Brownies have a strong New England history, yet chefs at Chicago’s Palmer House Hotel are credited with first making what eventually came to be called brownies, in 1893. Bertha Palmer, wife of hotel owner Potter Palmer, was asked to create a dessert for boxed lunches at the women’s pavilion at that year’s World Columbian Exposition. She had the hotel’s pastry chefs create a dessert that was smaller than a cake and easier to eat than pie. The result was a brownie-like confection made with chocolate and walnuts, topped with an apricot glaze.
The first published recipe for brownies was by Fanny Farmer in the 1896 The Boston Cooking-School Cookbook. It contained no chocolate; Farmer’s recipe was more like a blonde brownie. So are apple brownies, with pleasing bites of apple.
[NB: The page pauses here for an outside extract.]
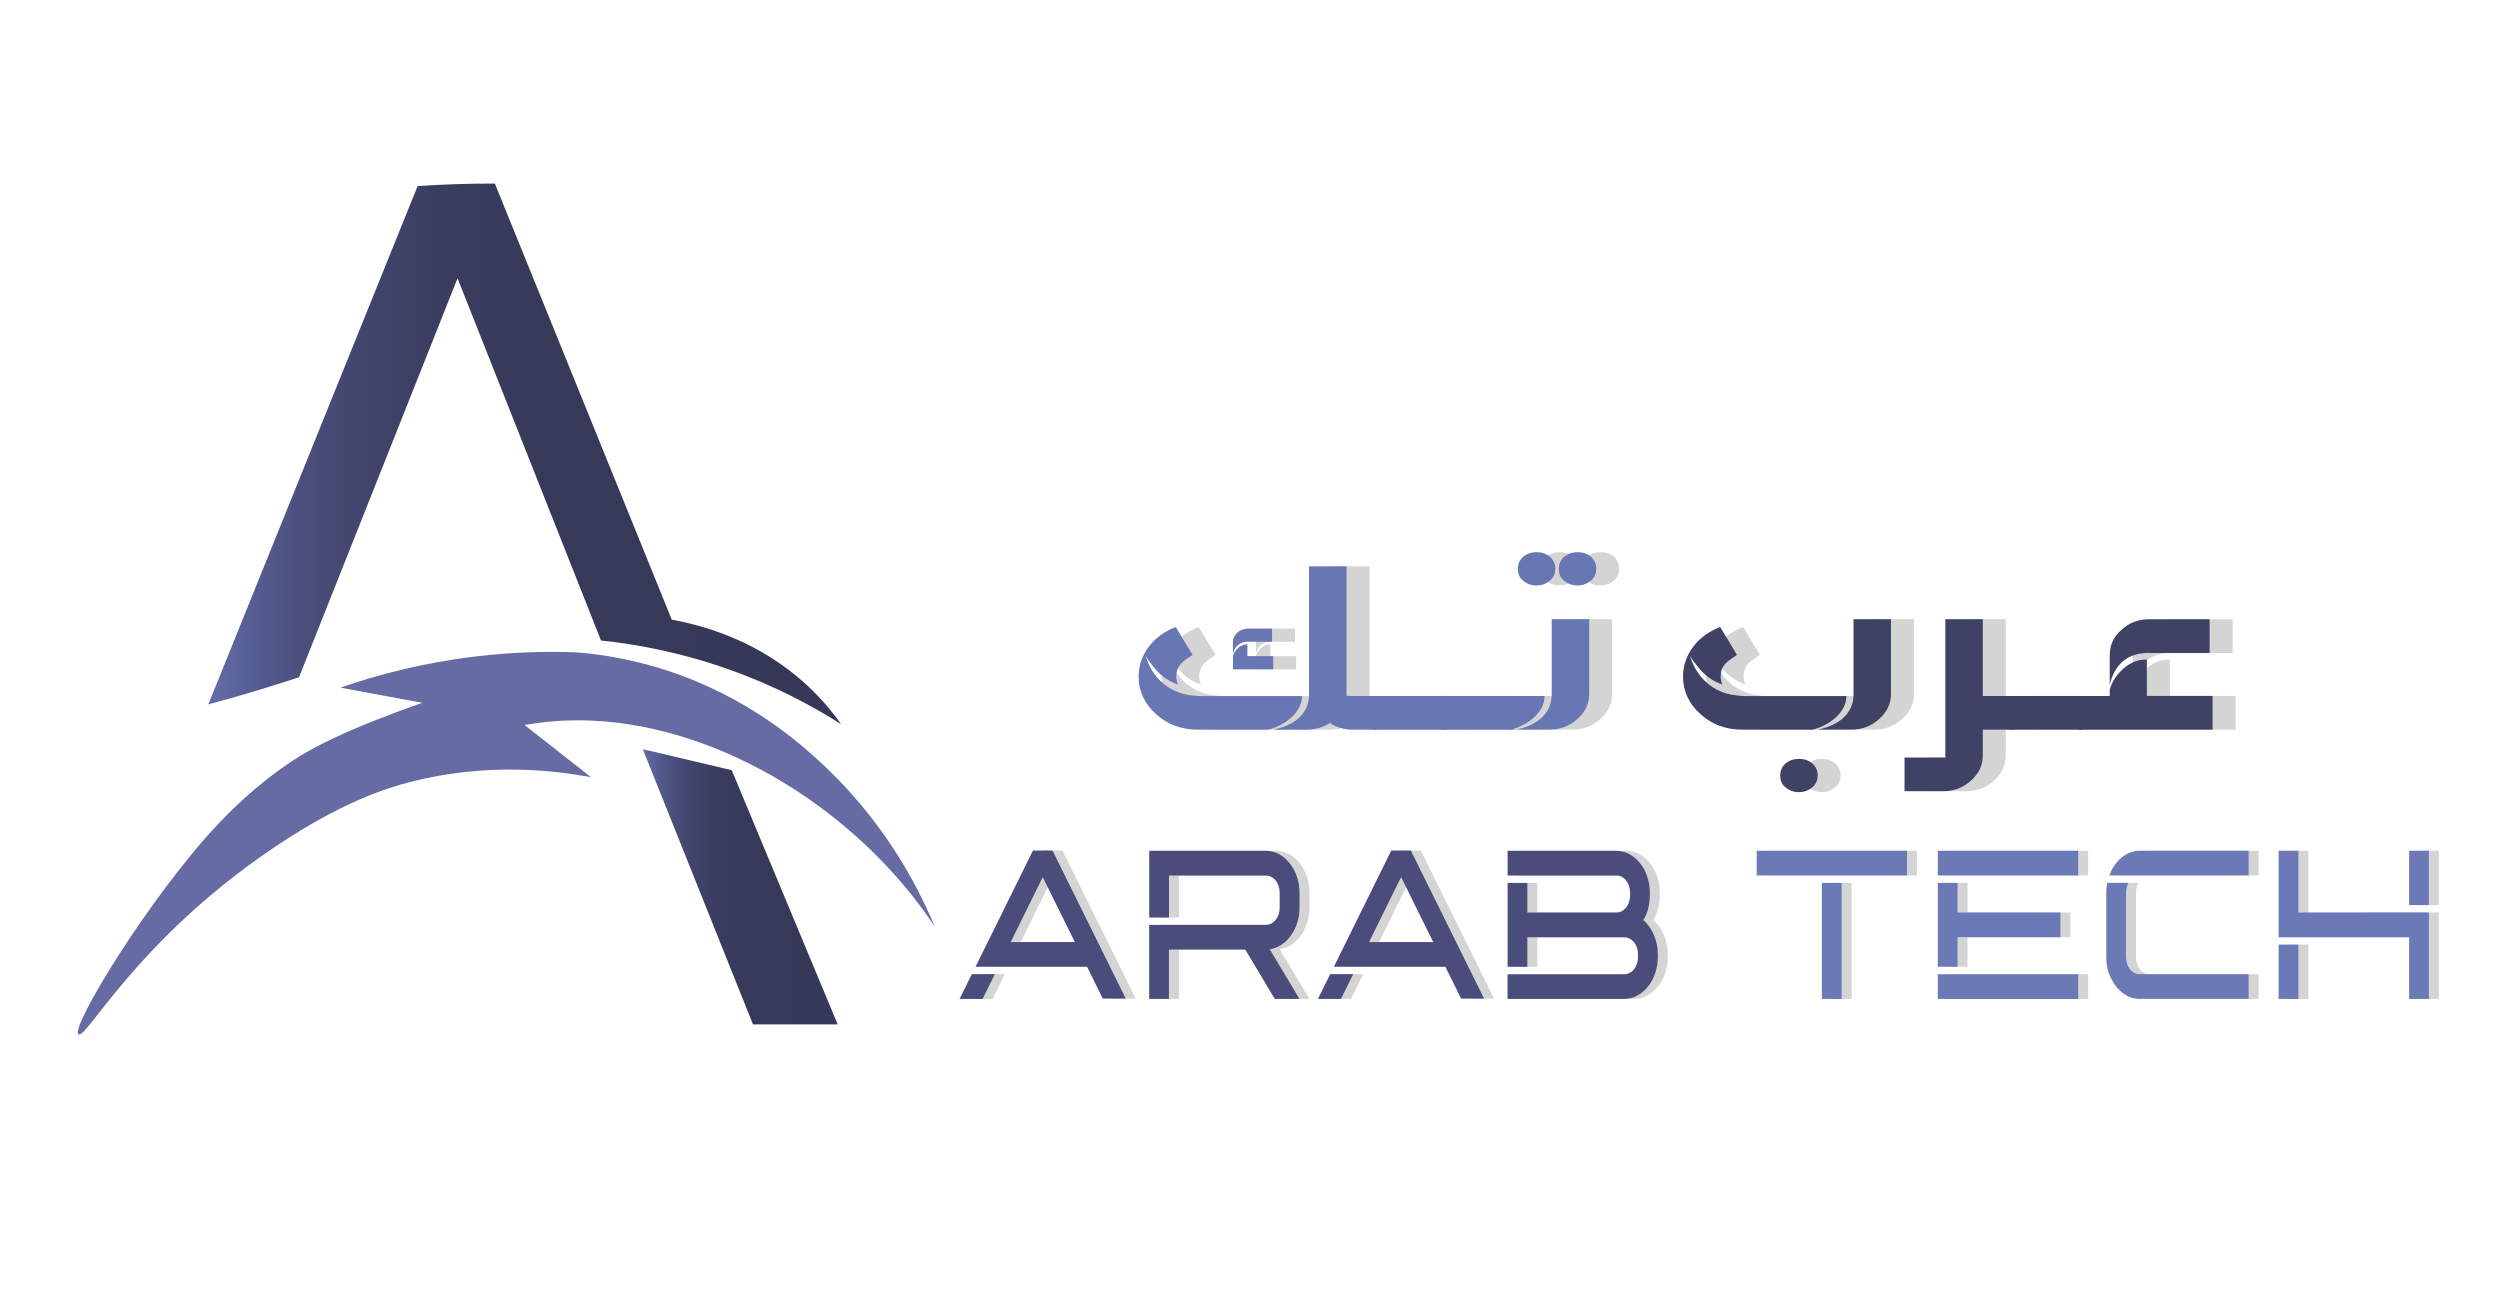 <svg xmlns="http://www.w3.org/2000/svg" xmlns:xlink="http://www.w3.org/1999/xlink" id="OBJECTS" viewBox="0 0 506.19 265.64"><defs><style>      .cls-1 {        fill: url(#linear-gradient-2);      }      .cls-2 {        fill: #6c79b7;      }      .cls-3 {        fill: #4a4d7c;      }      .cls-4 {        fill: #6976b4;      }      .cls-5 {        fill: url(#linear-gradient);      }      .cls-6 {        fill: #3f4265;      }      .cls-7 {        opacity: .17;      }      .cls-8 {        fill: #666ba4;      }    </style><linearGradient id="linear-gradient" x1="130.15" y1="179.55" x2="169.62" y2="179.55" gradientUnits="userSpaceOnUse"><stop offset="0" stop-color="#636dab"></stop><stop offset=".07" stop-color="#555d92"></stop><stop offset=".15" stop-color="#4a4f7c"></stop><stop offset=".25" stop-color="#41456b"></stop><stop offset=".37" stop-color="#3a3d5f"></stop><stop offset=".54" stop-color="#373958"></stop><stop offset="1" stop-color="#363857"></stop></linearGradient><linearGradient id="linear-gradient-2" x1="42.18" y1="91.91" x2="170.34" y2="91.91" xlink:href="#linear-gradient"></linearGradient></defs><g><g class="cls-7"><path d="M196.31,202.26l2.48-5.02h4.66l-2.48,5.02h-4.66Zm28.99-.08l-3.18-6.44h-22.57l11.59-23.47h.02l-.02-.06h3.99l14.83,29.98h-4.66Zm-12.15-24.58l-6.48,13.14h12.98l-6.5-13.14Z"></path><path d="M260.13,202.26l-5.98-10h-15.45v10h-4v-15h23.61c1.59,0,2.81-1.51,2.81-3.49v-2.99c0-1.99-1.22-3.51-2.81-3.51h-19.6v8.51h-4v-13.51h23.61c3.75,0,6.82,3.83,6.82,8.51v2.99c0,4.33-2.65,7.95-6.03,8.43l6.03,10.06h-4.99Z"></path><path d="M268.87,202.26l2.48-5.02h4.66l-2.48,5.02h-4.66Zm28.98-.08l-3.18-6.44h-22.57l11.59-23.47h.02l-.02-.06h3.99l14.83,29.98h-4.66Zm-12.15-24.58l-6.48,13.14h12.99l-6.5-13.14Z"></path><path d="M307.26,202.26v-5h23.61c1.59,0,2.81-1.53,2.81-3.49v-.5c0-1.99-1.22-3.49-2.81-3.49h-19.6v5.98h-4v-16.99h4v6h18.01c1.59,0,2.8-1.53,2.8-3.51v-.48c0-1.99-1.21-3.51-2.8-3.51h-22.01v-5h22.01c3.74,0,6.8,3.83,6.8,8.51,0,2.18-.3,3.77-1.32,5.52,1.76,1.53,2.93,4.1,2.93,6.97v.5c0,4.67-3.07,8.49-6.82,8.49h-23.61Z"></path><path d="M357.71,177.26v-5h30.43v5h-30.43Zm13.2,25v-23.49h4v23.49h-4Z"></path><path d="M394.38,177.26v-5h28.42v5h-28.42Zm0,18.49v-16.99h3.99v6h20.83v5h-20.83v5.98h-3.99Zm0,6.51v-5h28.42v5h-28.42Z"></path><path d="M435.29,202.26c-1.24,0-2.38-.38-3.4-1.15-1.04-.77-1.86-1.8-2.48-3.1-.62-1.28-.92-2.7-.92-4.25v-12.99c0-.69,.07-1.36,.2-2.01h4.29c-.32,.59-.49,1.26-.49,2.01v12.99c0,.98,.27,1.82,.8,2.49,.54,.67,1.21,1,1.99,1h22.03v5h-22.03Zm-6.18-25c.55-1.49,1.37-2.7,2.48-3.62,1.11-.92,2.35-1.38,3.7-1.38h22.03v4.98l-4,.02h-24.21Z"></path><path d="M489.81,202.26v-12.49h-26.42v-17.51h4v12.51l26.42-.02v17.51h-4Zm-26.42,0v-11h4v11h-4Zm26.42-19v-11h4v11h-4Z"></path></g><g><path class="cls-3" d="M194.29,202.26l2.48-5.02h4.66l-2.48,5.02h-4.66Zm28.99-.08l-3.18-6.44h-22.57l11.59-23.47h.02l-.02-.06h3.99l14.83,29.98h-4.66Zm-12.15-24.58l-6.48,13.14h12.98l-6.5-13.14Z"></path><path class="cls-3" d="M258.11,202.26l-5.98-10h-15.45v10h-4v-15h23.61c1.59,0,2.81-1.51,2.81-3.49v-2.99c0-1.99-1.22-3.51-2.81-3.51h-19.6v8.51h-4v-13.51h23.61c3.75,0,6.82,3.83,6.82,8.51v2.99c0,4.33-2.65,7.95-6.03,8.43l6.03,10.06h-4.99Z"></path><path class="cls-3" d="M266.85,202.26l2.48-5.02h4.66l-2.48,5.02h-4.66Zm28.98-.08l-3.18-6.44h-22.57l11.59-23.47h.02l-.02-.06h3.99l14.83,29.98h-4.66Zm-12.15-24.58l-6.48,13.14h12.99l-6.5-13.14Z"></path><path class="cls-3" d="M305.24,202.26v-5h23.61c1.59,0,2.81-1.53,2.81-3.49v-.5c0-1.99-1.22-3.49-2.81-3.49h-19.6v5.98h-4v-16.99h4v6h18.01c1.59,0,2.8-1.53,2.8-3.51v-.48c0-1.99-1.21-3.51-2.8-3.51h-22.01v-5h22.01c3.74,0,6.8,3.83,6.8,8.51,0,2.18-.3,3.77-1.32,5.52,1.76,1.53,2.93,4.1,2.93,6.97v.5c0,4.67-3.07,8.49-6.82,8.49h-23.61Z"></path><path class="cls-2" d="M355.69,177.26v-5h30.43v5h-30.43Zm13.2,25v-23.49h4v23.49h-4Z"></path><path class="cls-2" d="M392.36,177.26v-5h28.42v5h-28.42Zm0,18.49v-16.99h3.99v6h20.83v5h-20.83v5.98h-3.99Zm0,6.51v-5h28.42v5h-28.42Z"></path><path class="cls-2" d="M433.27,202.26c-1.24,0-2.38-.38-3.4-1.15-1.04-.77-1.86-1.8-2.48-3.1-.62-1.28-.92-2.7-.92-4.25v-12.99c0-.69,.07-1.36,.2-2.01h4.29c-.32,.59-.49,1.26-.49,2.01v12.99c0,.98,.27,1.82,.8,2.49,.54,.67,1.21,1,1.99,1h22.03v5h-22.03Zm-6.18-25c.55-1.49,1.37-2.7,2.48-3.62,1.11-.92,2.35-1.38,3.7-1.38h22.03v4.98l-4,.02h-24.21Z"></path><path class="cls-2" d="M487.79,202.26v-12.49h-26.42v-17.51h4v12.51l26.42-.02v17.51h-4Zm-26.42,0v-11h4v11h-4Zm26.42-19v-11h4v11h-4Z"></path></g></g><g><g class="cls-7"><path d="M268.25,141.3c-.21,2.92-3.16,5.48-6.8,6.44h-14.27c-3.34,0-6.16-1.06-8.47-3.16-2.34-2.1-3.52-4.64-3.52-7.61,0-4.47,3.07-8.37,7.53-10.01l3.4,5.64c-1.12,.74-1.94,1.31-2.31,1.74-.7,.74-.97,1.61-1,2.62,0,.57,.12,1.12,.36,1.64-1.82-.63-3.34-1.66-4.52-3.05-1.09-1.28-1.76-2.21-2.03-2.78,.46,1.64,1.24,3.11,2.25,4.31,1.88,2.21,4.31,3.46,7.26,3.74,.39,.03,.67,.05,.85,.08l.21,.03h21.07v.38Zm-10.57-11.37c-1.06-.05-1.91,.22-2.49,.82-.46,.41-.76,.98-.91,1.72v-2.37c0-1.61,1.37-2.84,3.16-2.84h4.77v2.67h-4.52Zm-3.4,2.92v-.03c.46-1.31,1.49-2.29,2.79-2.37h.15v2.4h5.22v2.67h-8.14v-2.67h-.03Zm29.12,14.89h-4.77c-1.82,0-3.4-.46-4.71-1.36-1.37,.9-2.95,1.36-4.71,1.36h-6.74c2.04-.41,3.55-1.09,4.77-2.04,1.73-1.39,2.55-3.19,2.46-5.45v-25.58h7.59v26.2c.52,.08,1.03,.08,1.61,.05h4.49v6.82Z"></path><path d="M282.81,147.74v-6.82h14.79v6.82h-14.79Z"></path><path d="M296.39,147.74v-6.82h14.79v6.82h-14.79Z"></path><path d="M317.37,141.3c-.21,2.92-3.16,5.48-6.8,6.44h-.3v-6.82h7.11v.38Zm9.05-.82c0,1.99-.79,3.68-2.4,5.1-1.55,1.45-3.46,2.15-5.68,2.15h-6.74c2.03-.41,3.55-1.09,4.77-2.04,1.73-1.39,2.55-3.19,2.46-5.45v-14.86h7.59v15.11Zm-6.86-25.3c0,1.04-.39,1.85-1.15,2.43-.76,.63-1.64,.93-2.64,.93-1.06,0-1.91-.3-2.67-.93-.76-.57-1.12-1.36-1.12-2.43,0-2.1,1.73-3.38,3.8-3.38s3.79,1.28,3.79,3.38Zm8.29,0c0,1.04-.39,1.85-1.15,2.43-.76,.63-1.64,.93-2.64,.93-1.06,0-1.91-.3-2.67-.93-.76-.57-1.12-1.36-1.12-2.43,0-2.1,1.73-3.38,3.79-3.38s3.8,1.28,3.8,3.38Z"></path><path d="M378.48,141.3c-.21,2.92-3.16,5.48-6.8,6.44h-14.27c-3.34,0-6.16-1.06-8.47-3.16-2.34-2.1-3.52-4.64-3.52-7.61,0-4.47,3.07-8.37,7.53-10.01l3.4,5.64c-1.12,.74-1.94,1.31-2.31,1.74-.7,.74-.97,1.61-1,2.62,0,.57,.12,1.12,.36,1.64-1.82-.63-3.34-1.66-4.52-3.05-1.09-1.28-1.76-2.21-2.03-2.78,.46,1.64,1.24,3.11,2.25,4.31,1.88,2.21,4.31,3.46,7.26,3.74,.39,.03,.67,.05,.85,.08l.21,.03h21.07v.38Zm-5.8,15.73c0,1.04-.39,1.85-1.15,2.43-.76,.63-1.64,.93-2.64,.93-1.06,0-1.91-.3-2.67-.93-.76-.57-1.12-1.36-1.12-2.43,0-2.1,1.73-3.38,3.8-3.38s3.79,1.28,3.79,3.38Zm14.85-16.55c0,1.99-.79,3.68-2.4,5.1-1.55,1.45-3.46,2.15-5.68,2.15h-6.74c2.04-.41,3.55-1.09,4.77-2.04,1.73-1.39,2.55-3.19,2.46-5.45v-14.86h7.59v15.11Z"></path><path d="M412.19,140.92v6.82h-6.07v5.21c0,1.99-.79,3.68-2.4,5.1-1.55,1.45-3.46,2.15-5.68,2.15h-7.77v-6.82h8.26v-28h7.59v15.54h6.07Z"></path><path d="M411.59,147.74v-6.82h14.79v6.82h-14.79Z"></path><path d="M452.65,140.92v6.82h-27.18v-6.82h6.35v-1.34c.49-1.64,1.4-2.92,2.64-4.09,1.34-1.23,2.82-1.88,4.46-1.94h.42v7.36h13.3Zm-12.18-8.7c-5.34-.33-7.8,2.73-8.65,6.44v-6c0-2.04,.79-3.76,2.34-5.1,1.55-1.45,3.43-2.18,5.68-2.18h12.21v6.84h-11.57Z"></path></g><g><path class="cls-4" d="M263.6,141.3c-.21,2.92-3.16,5.48-6.8,6.44h-14.27c-3.34,0-6.16-1.06-8.47-3.16-2.34-2.1-3.52-4.64-3.52-7.61,0-4.47,3.07-8.37,7.53-10.01l3.4,5.64c-1.12,.74-1.94,1.31-2.31,1.74-.7,.74-.97,1.61-1,2.62,0,.57,.12,1.12,.36,1.64-1.82-.63-3.34-1.66-4.52-3.05-1.09-1.28-1.76-2.21-2.03-2.78,.46,1.64,1.25,3.11,2.25,4.31,1.88,2.21,4.31,3.46,7.26,3.74,.4,.03,.67,.05,.85,.08l.21,.03h21.07v.38Zm-10.57-11.37c-1.06-.05-1.91,.22-2.49,.82-.46,.41-.76,.98-.91,1.72v-2.37c0-1.61,1.37-2.84,3.16-2.84h4.77v2.67h-4.52Zm-3.4,2.92v-.03c.46-1.31,1.49-2.29,2.79-2.37h.15v2.4h5.22v2.67h-8.14v-2.67h-.03Zm29.12,14.89h-4.77c-1.82,0-3.4-.46-4.71-1.36-1.37,.9-2.95,1.36-4.71,1.36h-6.74c2.03-.41,3.55-1.09,4.77-2.04,1.73-1.39,2.55-3.19,2.46-5.45v-25.58h7.59v26.2c.52,.08,1.03,.08,1.61,.05h4.49v6.82Z"></path><path class="cls-4" d="M278.16,147.74v-6.82h14.79v6.82h-14.79Z"></path><path class="cls-4" d="M291.74,147.74v-6.82h14.79v6.82h-14.79Z"></path><path class="cls-4" d="M312.72,141.3c-.21,2.92-3.16,5.48-6.8,6.44h-.3v-6.82h7.11v.38Zm9.05-.82c0,1.99-.79,3.68-2.4,5.1-1.55,1.45-3.46,2.15-5.68,2.15h-6.74c2.04-.41,3.55-1.09,4.77-2.04,1.73-1.39,2.55-3.19,2.46-5.45v-14.86h7.59v15.11Zm-6.86-25.3c0,1.04-.39,1.85-1.15,2.43-.76,.63-1.64,.93-2.64,.93-1.06,0-1.91-.3-2.67-.93-.76-.57-1.12-1.36-1.12-2.43,0-2.1,1.73-3.38,3.79-3.38s3.8,1.28,3.8,3.38Zm8.29,0c0,1.04-.4,1.85-1.15,2.43-.76,.63-1.64,.93-2.64,.93-1.06,0-1.91-.3-2.67-.93-.76-.57-1.12-1.36-1.12-2.43,0-2.1,1.73-3.38,3.8-3.38s3.8,1.28,3.8,3.38Z"></path><path class="cls-6" d="M373.83,141.3c-.21,2.92-3.16,5.48-6.8,6.44h-14.27c-3.34,0-6.16-1.06-8.47-3.16-2.34-2.1-3.52-4.64-3.52-7.61,0-4.47,3.07-8.37,7.53-10.01l3.4,5.64c-1.12,.74-1.94,1.31-2.31,1.74-.7,.74-.97,1.61-1,2.62,0,.57,.12,1.12,.36,1.64-1.82-.63-3.34-1.66-4.52-3.05-1.09-1.28-1.76-2.21-2.03-2.78,.46,1.64,1.25,3.11,2.25,4.31,1.88,2.21,4.31,3.46,7.26,3.74,.4,.03,.67,.05,.85,.08l.21,.03h21.07v.38Zm-5.8,15.73c0,1.04-.39,1.85-1.15,2.43-.76,.63-1.64,.93-2.64,.93-1.06,0-1.91-.3-2.67-.93-.76-.57-1.12-1.36-1.12-2.43,0-2.1,1.73-3.38,3.8-3.38s3.8,1.28,3.8,3.38Zm14.85-16.55c0,1.99-.79,3.68-2.4,5.1-1.55,1.45-3.46,2.15-5.68,2.15h-6.74c2.03-.41,3.55-1.09,4.77-2.04,1.73-1.39,2.55-3.19,2.46-5.45v-14.86h7.59v15.11Z"></path><path class="cls-6" d="M407.54,140.92v6.82h-6.07v5.21c0,1.99-.79,3.68-2.4,5.1-1.55,1.45-3.46,2.15-5.68,2.15h-7.77v-6.82h8.26v-28h7.59v15.54h6.07Z"></path><path class="cls-6" d="M406.94,147.74v-6.82h14.79v6.82h-14.79Z"></path><path class="cls-6" d="M448,140.92v6.82h-27.18v-6.82h6.35v-1.34c.49-1.64,1.4-2.92,2.64-4.09,1.34-1.23,2.82-1.88,4.46-1.94h.42v7.36h13.3Zm-12.18-8.7c-5.34-.33-7.8,2.73-8.65,6.44v-6c0-2.04,.79-3.76,2.34-5.1,1.55-1.45,3.43-2.18,5.68-2.18h12.21v6.84h-11.57Z"></path></g></g><g><path class="cls-5" d="M148.17,155.95c-6.01-1.42-12.01-2.84-18.02-4.26,7.44,18.57,14.88,37.15,22.31,55.72h17.15c-7.15-17.15-14.3-34.31-21.45-51.46Z"></path><path class="cls-1" d="M170.34,146.66c-5.69-3.63-13.29-7.75-22.71-11.1-9.99-3.55-18.97-5.15-25.94-5.87-9.68-24.45-19.37-48.9-29.05-73.35-10.7,26.93-21.39,53.85-32.09,80.78-2.53,.84-5.12,1.66-7.77,2.47-3.61,1.1-7.14,2.1-10.6,3.03,14.13-34.98,28.26-69.97,42.38-104.95,2.55-.17,5.18-.3,7.89-.39,2.66-.08,5.24-.12,7.75-.11,11.94,29.43,23.88,58.86,35.82,88.3,6.45,1.17,17.86,4.29,27.75,13.62,2.68,2.53,4.83,5.12,6.56,7.57Z"></path><path class="cls-8" d="M96.17,144.28c-9.08-1.68-18.16-3.36-27.25-5.05,7.32-2.54,16.57-5.03,27.42-6.32,7.58-.9,14.47-1.05,20.42-.82,3.72,.3,8.83,.98,14.72,2.6,17.78,4.9,29.15,14.69,33.73,18.81,13.35,12,20.41,25.4,24.05,34.11-15.48-23.36-43.04-40.48-69.23-41.69-5.2-.24-10.29,.14-15.12,1.14-.64,.13-1.28,.26-1.92,.39l-1.28-4.18c5.99,4.7,11.98,9.4,17.97,14.1-7.62-1.43-21.31-3.02-36.85,1.02-4.39,1.14-13.96,4.01-28.45,13.96-26.76,18.37-36.76,37.88-38.46,37.1-2.03-.94,14.47-28.06,28.35-42.71,7.39-7.8,13.38-11.63,14.97-12.7,8.89-6,26.49-11.84,30.87-13.29"></path></g></svg>

(The chocolate brownie also has New England origins: a recipe for Brownie’s Food first appeared in a Machias, Maine, community cookbook in 1899. It calls for chocolate, flour, milk, and baking soda.)
The recipe for Apple Brownies was adapted from Olwen Woodier’s 1984 classic Apple Cookbook. Woodier writes that she got the recipe from her daughter’s first-grade teacher.
1 c sugar
½ c butter, softened
¾ c flour
¼ c whole-wheat flour
1½ t baking powder
½ t baking soda
½ t cinnamon
¼ t nutmeg
1 large Cortland or other sweet-tart New England apple, unpeeled, cored and diced
1 t vanilla
Preheat oven to 350°F. Grease an 8-inch square pan.
Cream butter and sugar together in medium bowl.
Beat in the egg.
In separate bowl, mix dry ingredients together. Stir into batter.
Add apple and vanilla.
Pour into baking pan and bake for 30 minutes, until a toothpick inserted in the center comes out clean. Cool in the pan on a wire rack. Cut into squares.
The original recipe called for ¾ c walnuts, mixed in with the apples. I did not have any on hand, so made the recipe without. The brownies were moist, soft, and chewy, and the lack of nuts did not appear to diminish their popularity.